A man stood in the middle of the street, his arms outstretched and raised to the sky, and his upturned face was a mask of sadness as he lifted his plea to the heavens above. At his feet lay the motionless form of an older man whose blood stained the stones of the road. Behind him stood another man, dressed in a neat, angular, black uniform with cold grey eyes. What few people remained nearby had cast their eyes to the ground and were shuffling off hastily. When the man's arms fell, the uniformed man with the cold eyes took hold of his shoulder, pulling him away. The necromancers would come soon and ascertain what secrets this body could foretell, although doubtless there would be few indeed from such a dubious death.
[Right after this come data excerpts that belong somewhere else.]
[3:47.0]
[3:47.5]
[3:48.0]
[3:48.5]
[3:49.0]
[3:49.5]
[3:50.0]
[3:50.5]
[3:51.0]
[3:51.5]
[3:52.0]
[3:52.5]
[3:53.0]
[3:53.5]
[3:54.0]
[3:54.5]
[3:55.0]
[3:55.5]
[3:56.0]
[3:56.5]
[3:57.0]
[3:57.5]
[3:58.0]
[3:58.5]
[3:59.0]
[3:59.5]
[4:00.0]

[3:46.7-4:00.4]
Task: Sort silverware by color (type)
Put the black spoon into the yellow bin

The blood would remain as yet another stain upon the roads of the City Karador.
Thank you
-Fahrion
"A man stood in the middle of the street, his arms outstretched and raised to the sky, and his upturned face was a mask of sadness as he lifted his plea to the heavens above."
"Stood" is a static action that tells rather than shows an active action as it relates to the man. The man is in a still-life pose with no preceding context for why.
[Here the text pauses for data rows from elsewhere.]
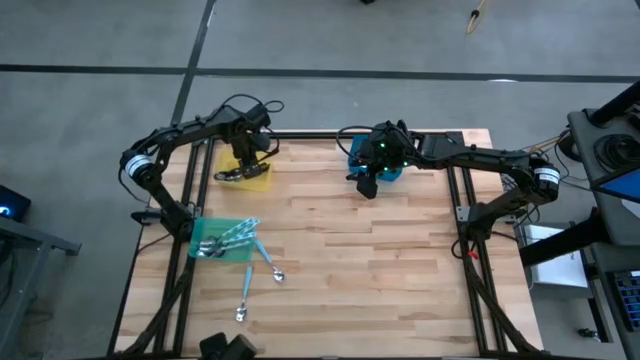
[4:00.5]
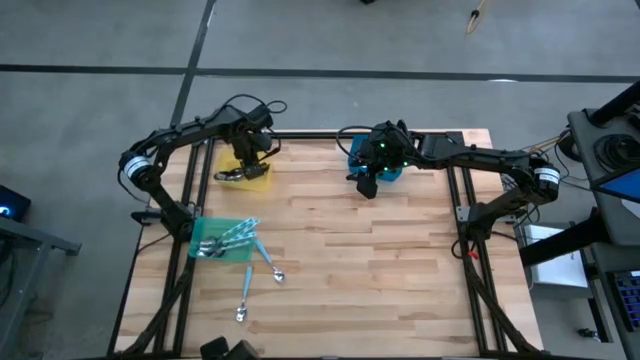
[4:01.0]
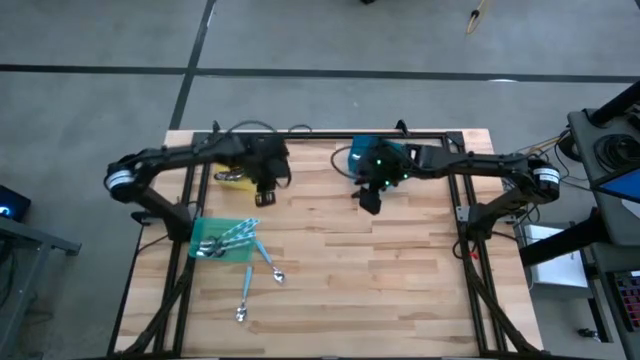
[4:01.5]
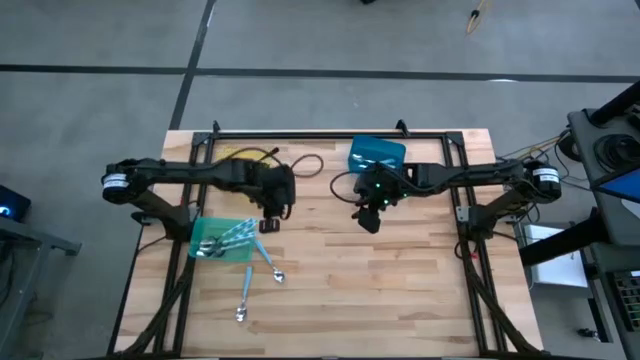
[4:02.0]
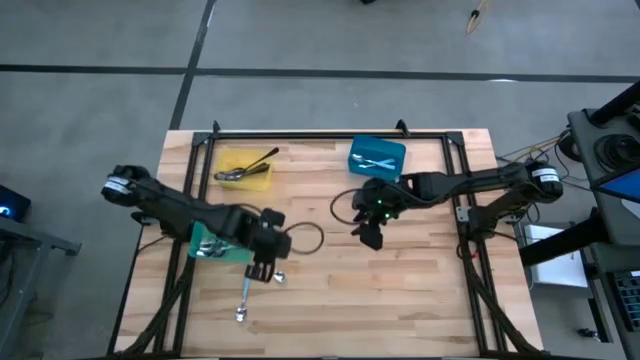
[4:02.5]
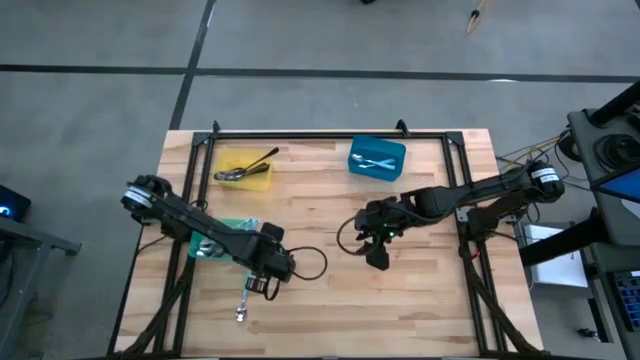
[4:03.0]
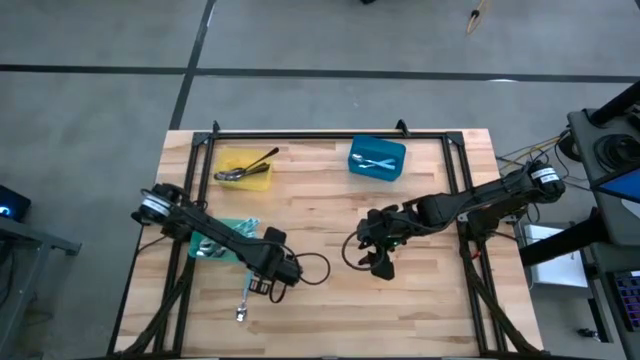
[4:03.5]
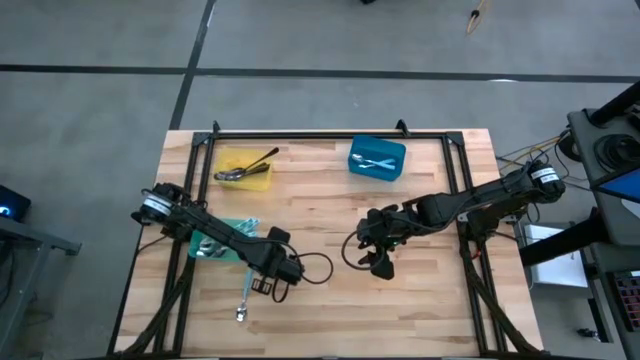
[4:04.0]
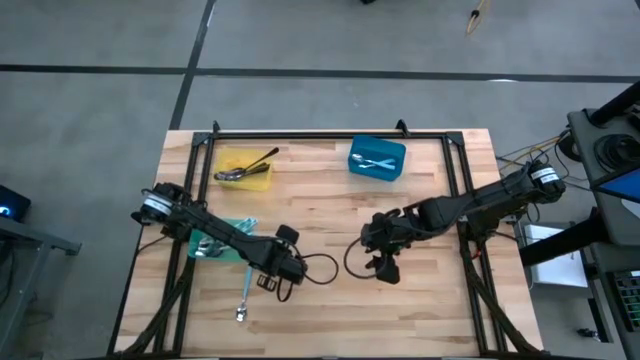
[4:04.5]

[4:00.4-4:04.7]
Put the blue spoon into the blue bin

"His arms outstretched and raised" the action already happened in the past, before the opening. He's already standing still with his arms raised without the cause of the effect. The dead man at his feet portrayed afterward puts the cause after the effect. Depicting in the moment of an action and chronologically unfolding the action lends immediacy and orients on a focal character's sensations. Orienting on a character's sensations initiates immersion in a story through those personal sensations.
"And his upturned face was a mask of sadness as he lifted his plea to the heavens above." A run in clause not directly related to the preceding circumstances in that it's a summary of the man's emotions--rather than an expository description of his static appearance as in the previous clauses--that progresses from an expression that's already on his face before the opening into a concurrent action that's not an action concurrent with the emotional expression or the preceding static actions. "Was a mask" in the past "as he lifted" in the present and "as" signifies a concurrent action.
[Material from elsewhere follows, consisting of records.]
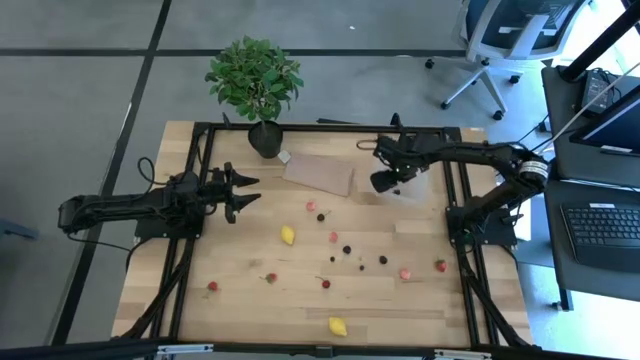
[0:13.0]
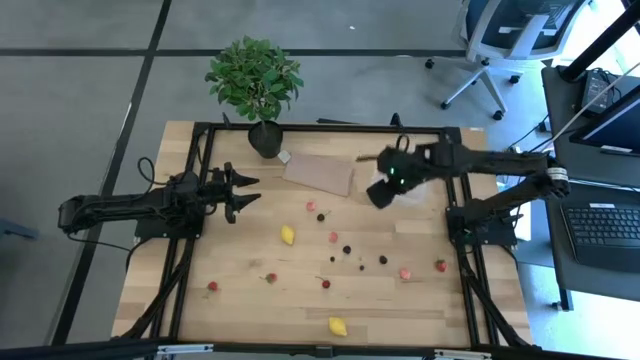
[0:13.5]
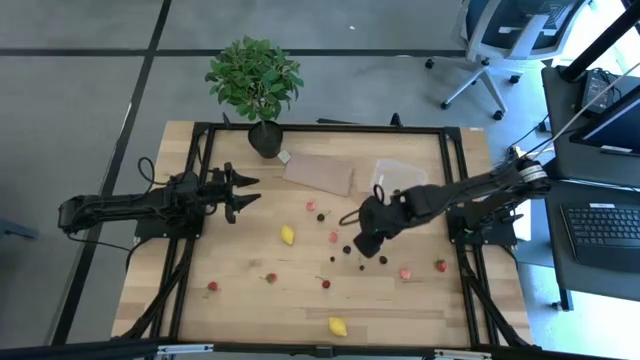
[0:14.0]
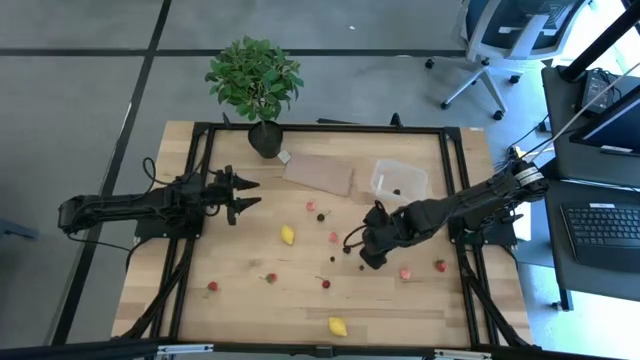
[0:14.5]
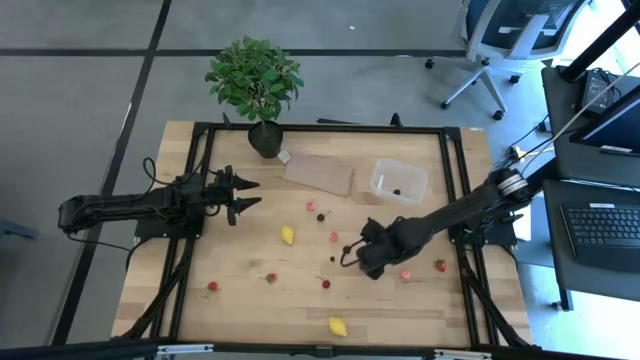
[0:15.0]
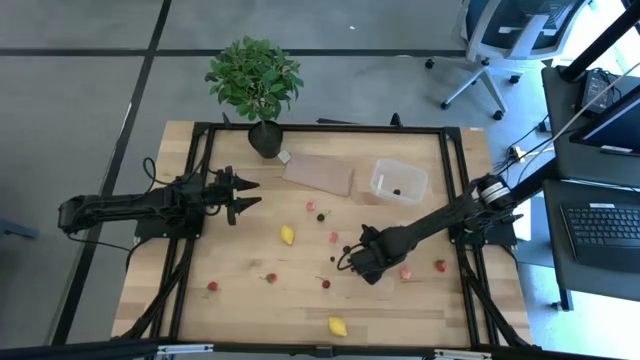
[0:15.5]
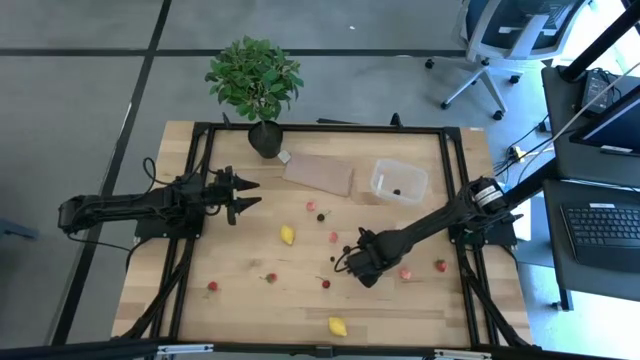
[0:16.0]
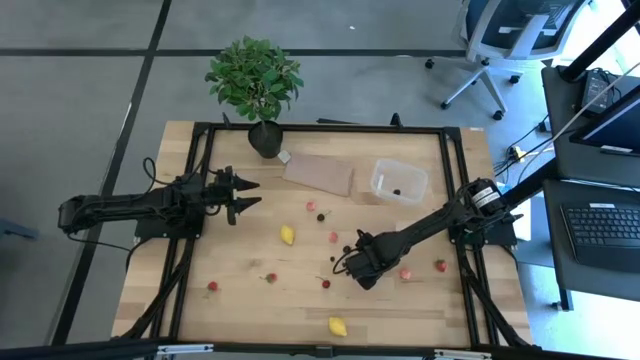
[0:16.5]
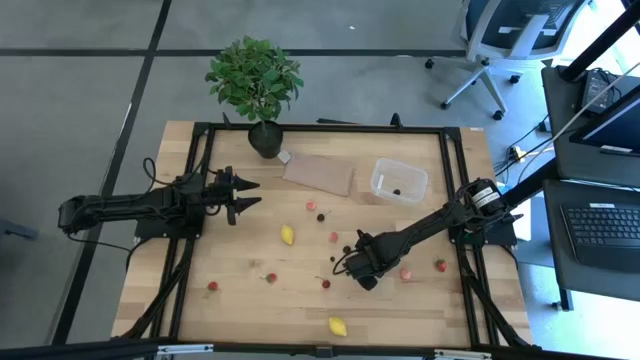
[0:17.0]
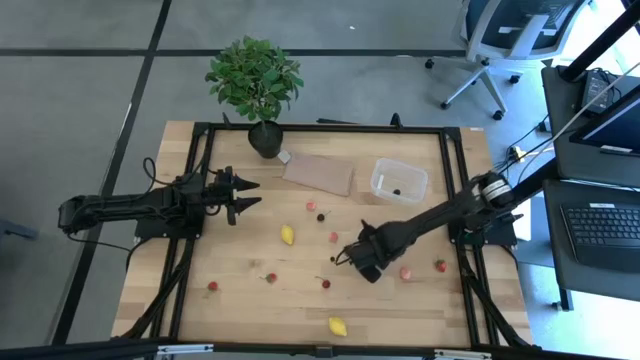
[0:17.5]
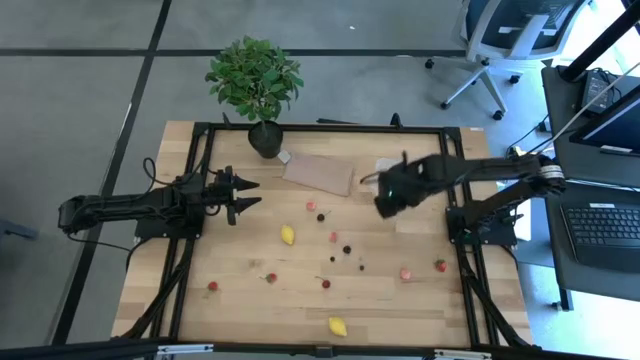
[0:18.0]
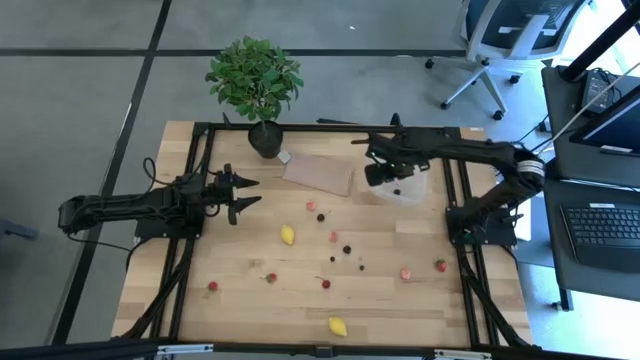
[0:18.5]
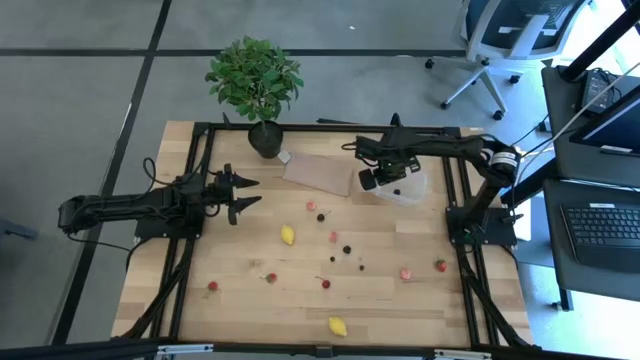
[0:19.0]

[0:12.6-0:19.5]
Task: Pick and placing Produce into tupperware
Put the blackberry into the transparent container

"As he lifted his plea to the heavens above." A summary of an action that avoids getting into the man's meaning space. An introspective plea, a spoken plea, or a thought sympathic to or condemning the dead man's loss initiates immersion through the pleading man's thoughts.
I'm reasonably sure that this story is in American English. "Grey" is the standard British English variant. "Gray" is the standard variant in American English.
[This message has been edited by extrinsic (edited May 08, 2009).]
Main nit: "Behind him stood another man, dressed in a neat, angular, black uniform with cold grey eyes" - this literally reads that his uniform has eyes. I suspect this was not your intention. And faced with that grammar, I suspect many editors would stop reading right there.
Third-person objective narrative point of view's strength is that it initiates introductions, quickly drops a narrator into the background, and glides into a focal character's point of view as soon as possible. An opening sentence invariably introduces a narrative point of view. But then slips into a character's point of view right away. How to accomplish that with this opening, I don't know. There's too many possibilities I'm projecting from limited information.
The foremost purpose of an opening is introducing a reader to a story. I don't have any grounding on what the story is or an anchoring center upon which to fixate, like a character's predicament, or a conflict (diametrically opposing forces, like life and death, good and evil, acceptance and rejection); an initial antagonism compelling desire and change, and opposing purpose; a causal train of circumstances, a sympathy-induced or suspense-induced initiation of tension, a clash of characters, a collision of circumstances, a secret anxiety, an internal truth, or an intimate feeling, etc. There are hints of possibilities, but not detailed enough for me to suggest what direction to take or method to use.
In fiction, the opening is helped by the tableau, but the elements to move readers forward also include character and a hook. The purpose is to grab you by the collar and put you in the scene with the main character, not to have you view the tableau from behind a see-through mirror.
There are a lot of ways to skin this cat, but the key thing is to conentrate on getting the reader into the story. Who is the main character is it the uniformed grey-eyed fellow, the man pleading or someone else? What's the next action? What's at stake? Will there be an altercation out on the street? What's going to keep me interesting in moving on with the story?
[This message has been edited by Owasm (edited May 08, 2009).]
If it's the man in uniform, what is he thinking? How does this affect him? Is it a mystery he's going to have to solve? Is it an annoyance that's holding him back from something else he needs/wants to do?
If it's someone else, most of the same questions apply.
Instead of showing us the scene as a snapshot, show us how someone, preferably the MC, thinks or feels about the scene. That way we get to start to know who the main character is.